In our case, the patient initially responded to corticosteroids with temporary symptom relief, which likely masked the underlying suppurative infection. However, the subsequent rise in inflammatory markers and worsening clinical status prompted reevaluation. This highlights the importance of maintaining clinical vigilance when managing presumed SAT, particularly in pediatric patients. When the diagnosis is unclear, FNA should be performed to identify purulent material or obtain cultures (1, 8). Even in the absence of obvious fluid collections, FNA washout may yield diagnostic evidence of infection. In our case, a combination of ultrasound-guided FNA and contrast-enhanced CT established the diagnosis of AST.

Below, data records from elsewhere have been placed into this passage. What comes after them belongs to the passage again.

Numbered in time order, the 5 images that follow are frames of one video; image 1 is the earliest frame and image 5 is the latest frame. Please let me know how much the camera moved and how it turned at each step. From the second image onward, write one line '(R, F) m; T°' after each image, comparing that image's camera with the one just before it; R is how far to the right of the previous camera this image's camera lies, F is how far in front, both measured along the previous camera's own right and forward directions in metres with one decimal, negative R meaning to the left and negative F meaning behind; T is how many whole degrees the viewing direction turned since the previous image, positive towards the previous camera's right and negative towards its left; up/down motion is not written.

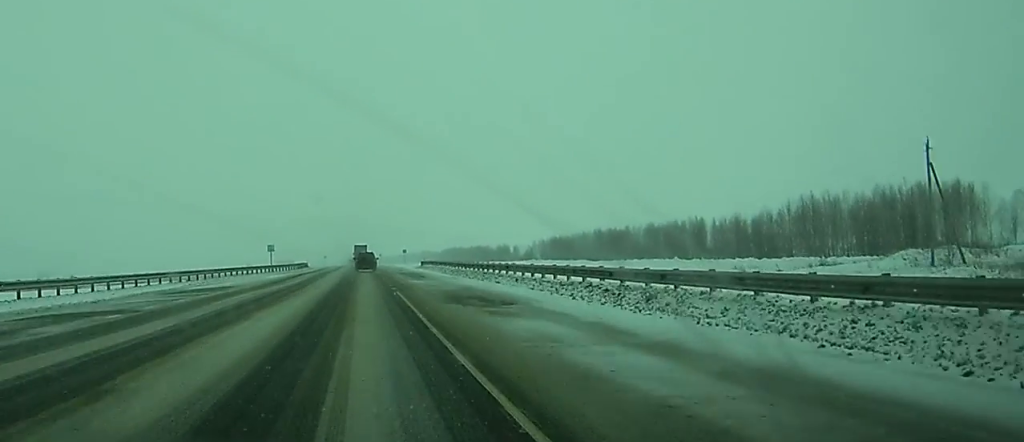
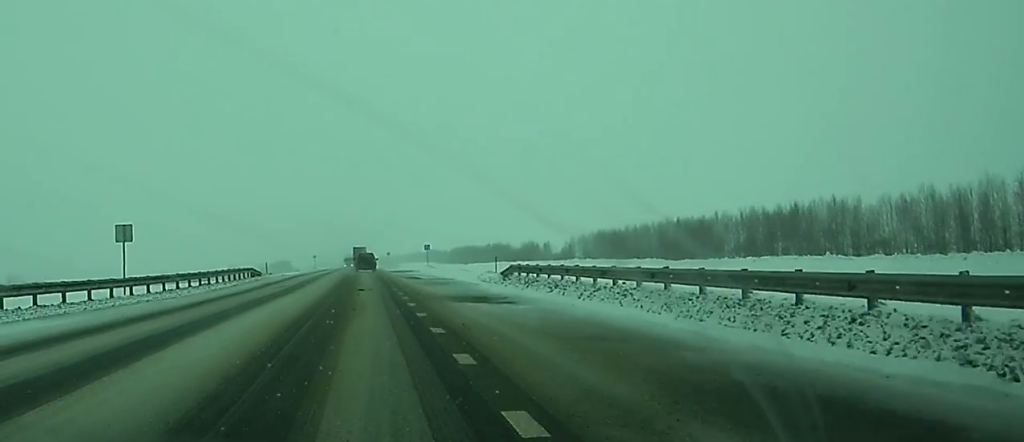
(0.0, +55.7) m; 0°
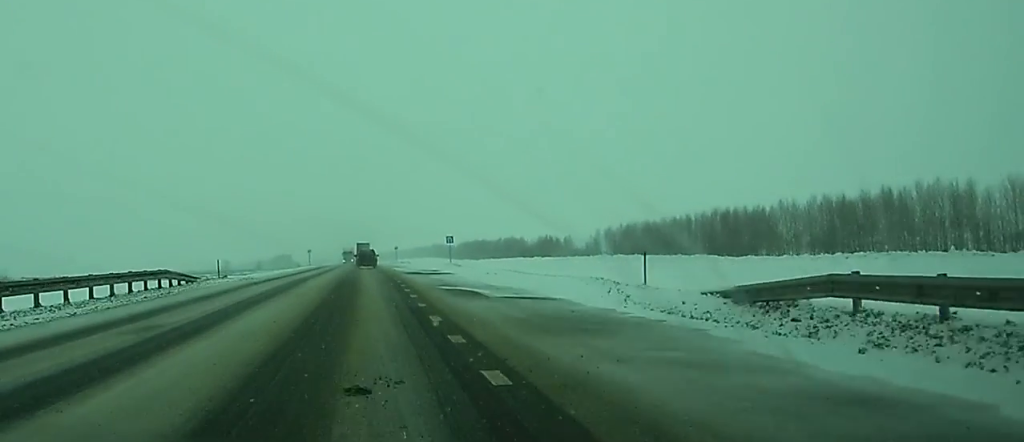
(0.0, +25.5) m; 0°
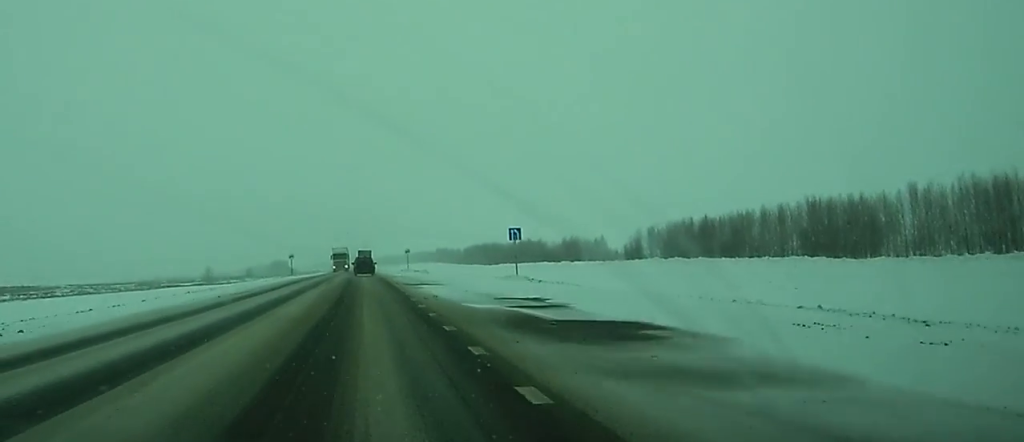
(0.0, +37.0) m; 0°
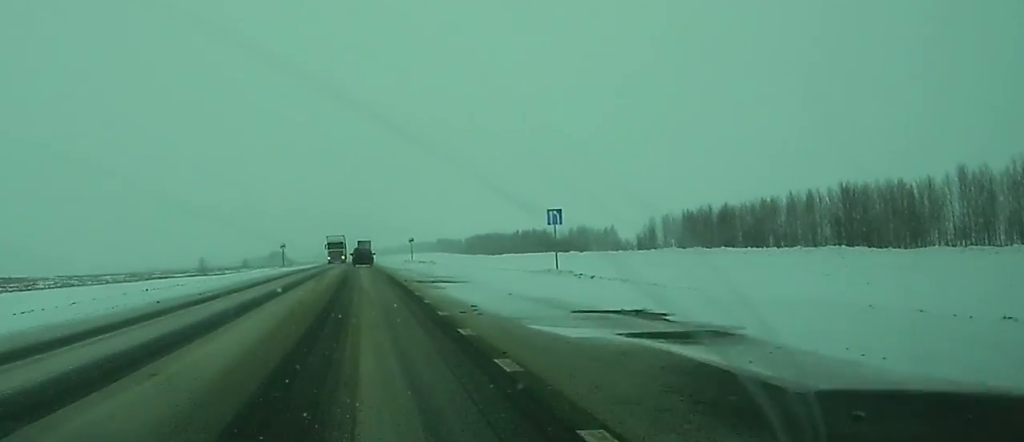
(0.0, +10.5) m; 0°
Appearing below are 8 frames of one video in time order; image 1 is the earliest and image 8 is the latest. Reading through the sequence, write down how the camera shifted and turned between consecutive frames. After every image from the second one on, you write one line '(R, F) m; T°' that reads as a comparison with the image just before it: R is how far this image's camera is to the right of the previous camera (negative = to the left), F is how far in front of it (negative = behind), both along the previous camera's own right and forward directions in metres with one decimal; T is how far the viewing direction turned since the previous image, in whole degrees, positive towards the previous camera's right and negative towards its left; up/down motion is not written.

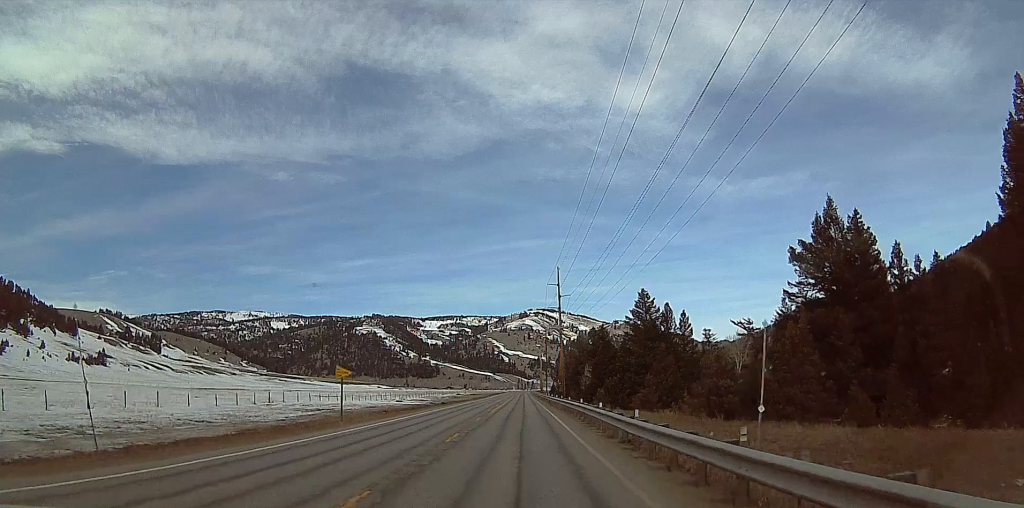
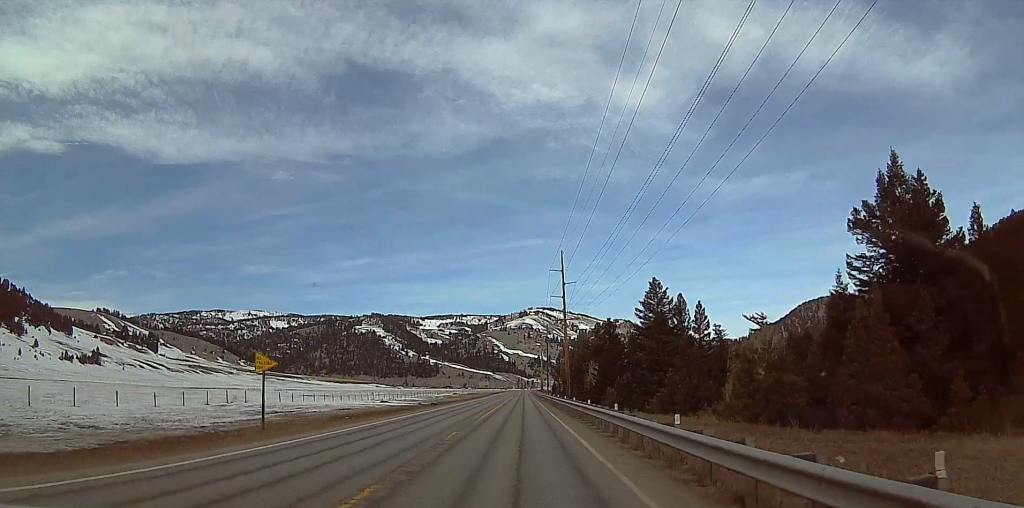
(+0.1, +11.8) m; +1°
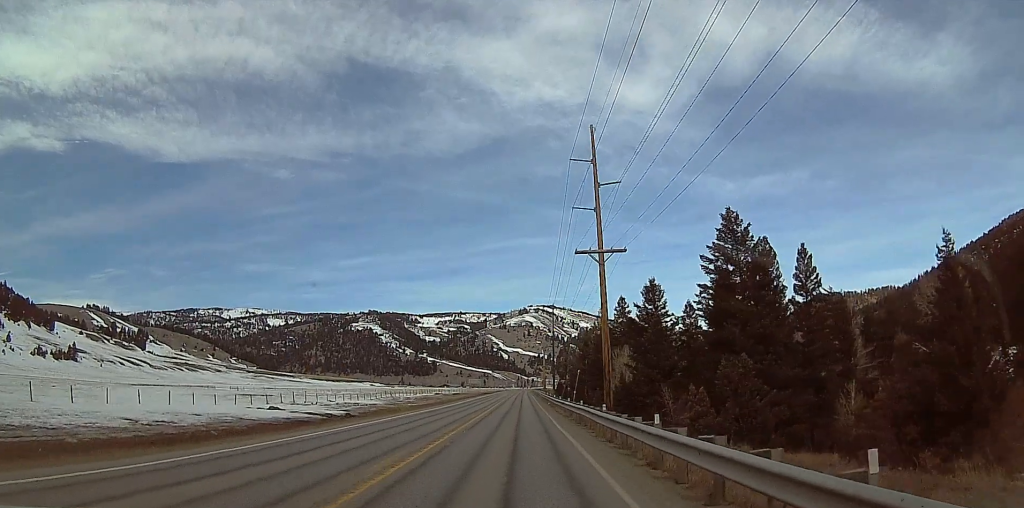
(+1.5, +45.9) m; +1°
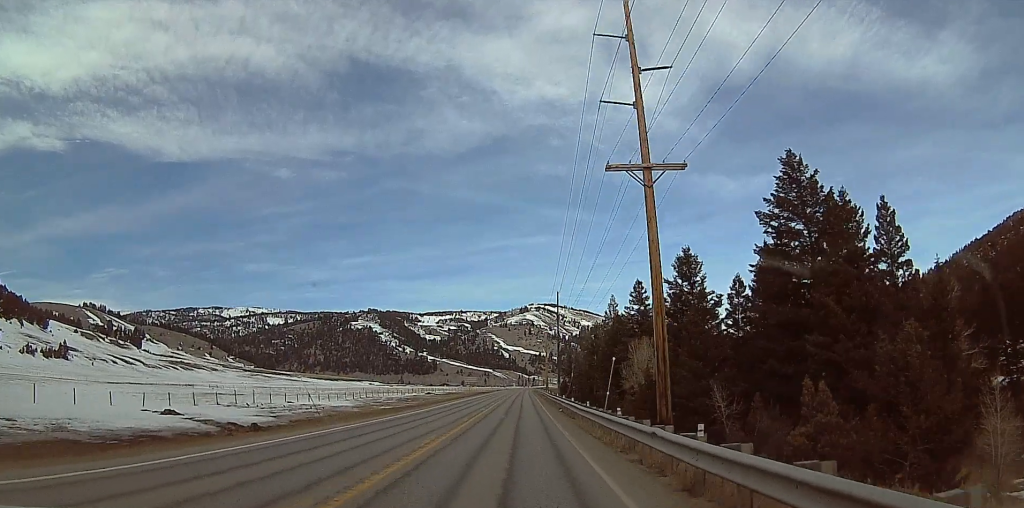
(-0.6, +18.2) m; -2°
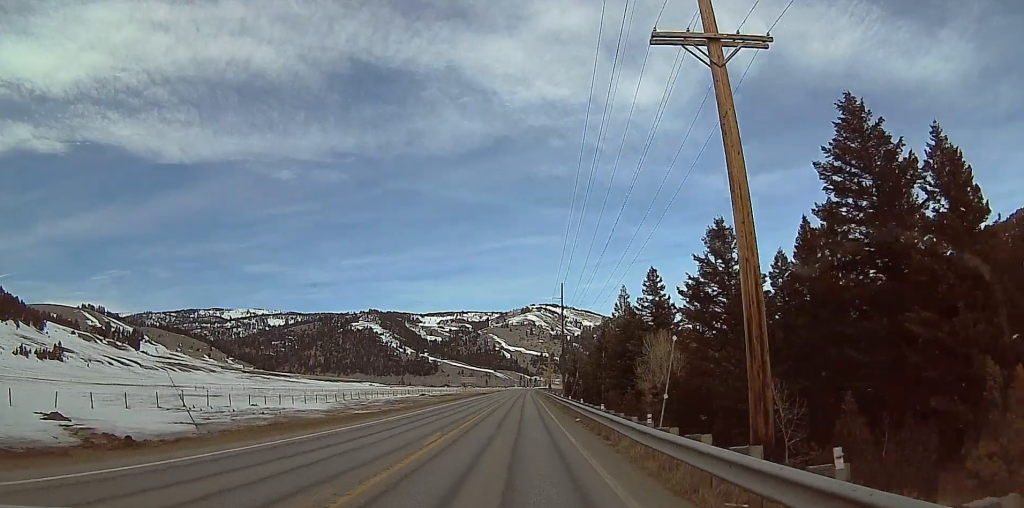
(-0.1, +11.5) m; +1°
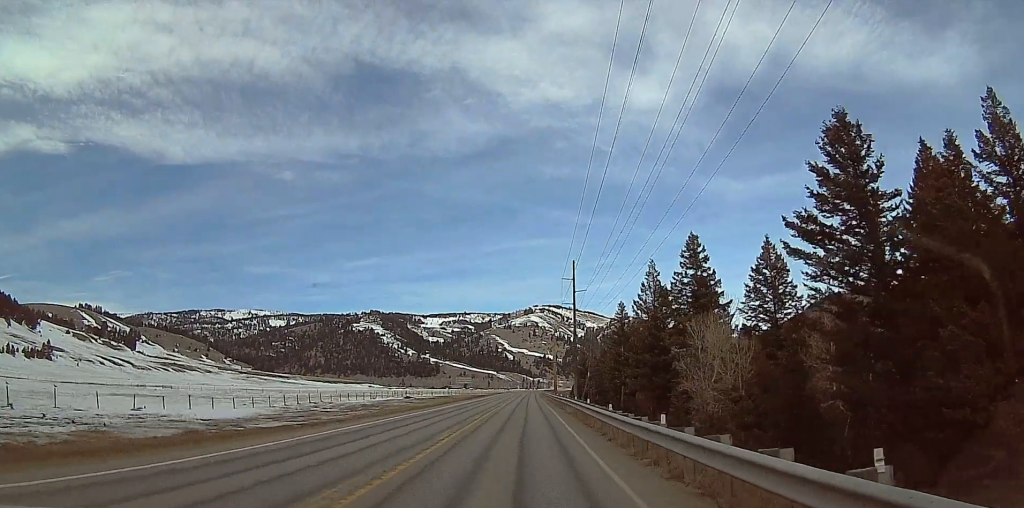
(+0.5, +22.8) m; +1°
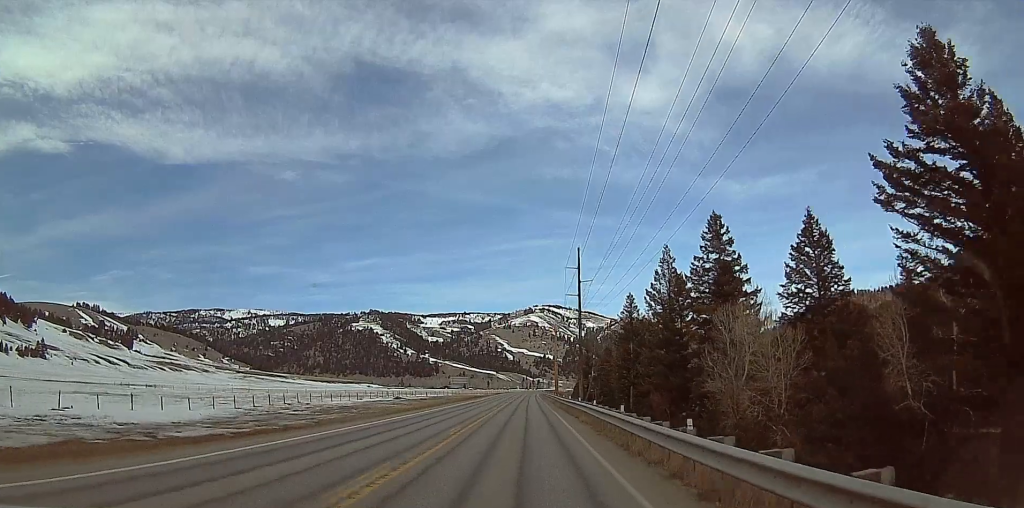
(+0.1, +9.3) m; 0°
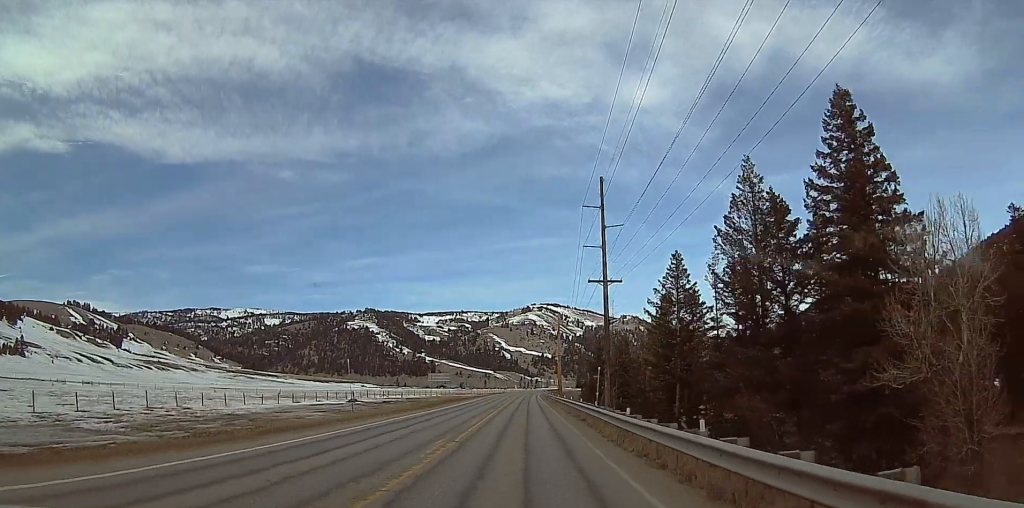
(-0.9, +30.2) m; -2°

AST is typically caused by oral flora, with gram-positive cocci being the most common pathogen (5). However, anaerobic and polymicrobial infections occur in up to 30% of cases (9). Therefore, empirical antibiotic regimens should thus cover both aerobic and anaerobic organisms. First-line agents include penicillin and clindamycin (6), although resistance must be considered. In our case, empirical use of clindamycin initially showed poor results. Considering the possibility of resistant strains, the collected pus culture revealed Eikenella corrodens—a facultative anaerobic gram-negative bacillus that rarely causes thyroid infections.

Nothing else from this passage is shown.